DB Server slow down & hang during Peak hours of Usage
List ,
*Description:*
Maintaining a DB Server Postgres and with a lot of read writes to this
Server( virtual machine running on ESXi 7 with CentOS 7) .
( I am not sure how to get the read / write counts or required IOPS or any
other parameters for you. If you point our I can execute those commands
and get the data. )
Peak hours say 19:00 Hrs to 21:00 hrs it hangs ( The application is an
Emergency call response system writing many Emergency Response vehicles
locations coordinates to the DB every 30 Seconds and every emergency call
metadata (username, phone number, location info and address of the caller
to the DB for each call)
During these hours the system hangs and the Application ( which shows the
location of the vehicles on a GIS map hangs ) and the CAD machines which
connects to the system hangs as those machines can't connect to the DB and
get data for displaying the caller information to the call taking persons
working on them. )
*Issue : *
How to trace out what makes this DB hangs and make it slow and how to fix
it..
*Resource poured on the system :*
*64 vCPUs allocate ( Out of a host machine comprised of 2 processor slots
of 20 cores each with Hyper Threading, intel xeon 2nd Gen, CPU usage show
50 % in vCentre Console), and RAM 64 GB allocated ( buy usage always
showing around 33 GB only ) *
*Query :*
How to rectify the issues that makes the DB server underperforming and find
a permanent fix for this slow down issue*. *
*Attached the Postgres.conf file here for reference .*
*Any more information required I can share for analysis to fix the issue. *
*Krishane *
Attachments:
On 8/7/23 08:41, KK CHN wrote:
List ,
*Description:*
Maintaining a DB Server Postgres and with a lot of read writes to this
Server( virtual machine running on ESXi 7 with CentOS 7) .( I am not sure how to get the read / write counts or required IOPS or any
other parameters for you. If you point our I can execute those commands
and get the data. )Peak hours say 19:00 Hrs to 21:00 hrs it hangs ( The application is an
Emergency call response system writing many Emergency Response vehicles
locations coordinates to the DB every 30 Seconds and every emergency call
metadata (username, phone number, location info and address of the caller
to the DB for each call)During these hours the system hangs and the Application ( which shows
the location of the vehicles on a GIS map hangs ) and the CAD machines
which connects to the system hangs as those machines can't connect to the
DB and get data for displaying the caller information to the call taking
persons working on them. )
Have you looked at the postgresql log file?

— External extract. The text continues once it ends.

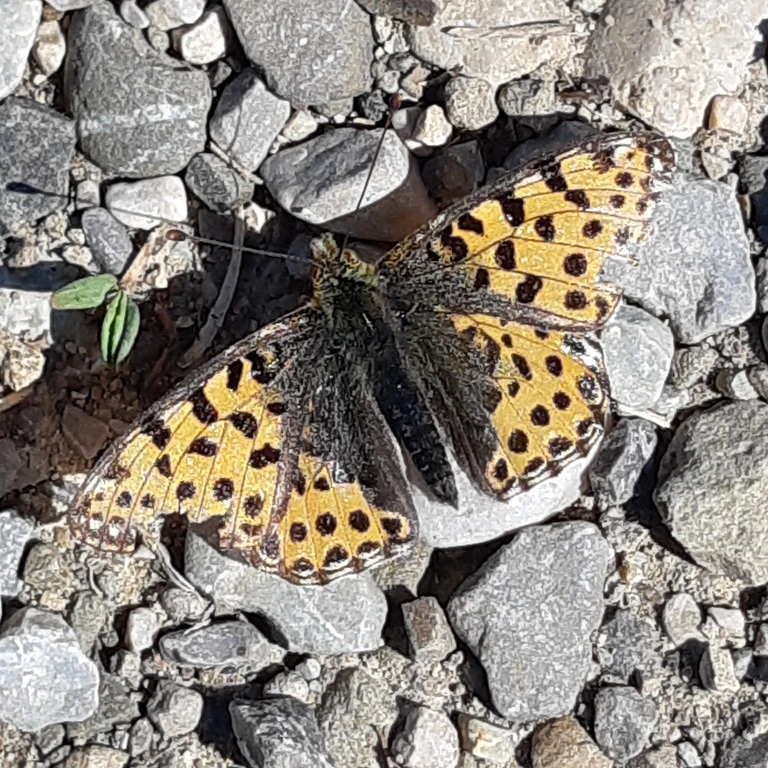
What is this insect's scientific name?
Issoria lathonia

Have you looked in the *application* error log?
*Issue : *
How to trace out what makes this DB hangs and make it slow and how to
fix it..*Resource poured on the system :*
*
*
*64 vCPUs allocate ( Out of a host machine comprised of 2 processor slots
of 20 cores each with Hyper Threading, intel xeon 2nd Gen, CPU usage show
50 % in vCentre Console), and RAM 64 GB allocated ( buy usage always
showing around 33 GB only ) *
*
*
What else happens on the ESXi host between 19:00 and 21:00?
*Query :*
*
*
How to rectify the issues that makes the DB server underperforming and
find a permanent fix for this slow down issue*. *
*
*
*Attached the Postgres.conf file here for reference .*
*
*
*Any more information required I can share for analysis to fix the issue. *
*
**Krishane *
--
Born in Arizona, moved to Babylonia.
Hello,
in the postgresql.conf joined, 2 things (at least) look strange:
1) the values for background writer are the default values, fit for a
server with a limited writes throughput.
you may want to increase those, like:
bgwriter_delay = 50ms
bgwriter_lru_maxpages = 400
bgwriter_lru_multiplier = 4.0
and check the checkpoint log to see if there are still backend processes
writes.
2) work_mem is set to 2 GB.
so, if 50 simultaneous requests use at least one buffer for sorting,
joining, ..., you will consume 100 GB of RAM
this value seems huge for the kind of config/usage you describe.
You may try to set work_mem to 100 MB and check what's happening.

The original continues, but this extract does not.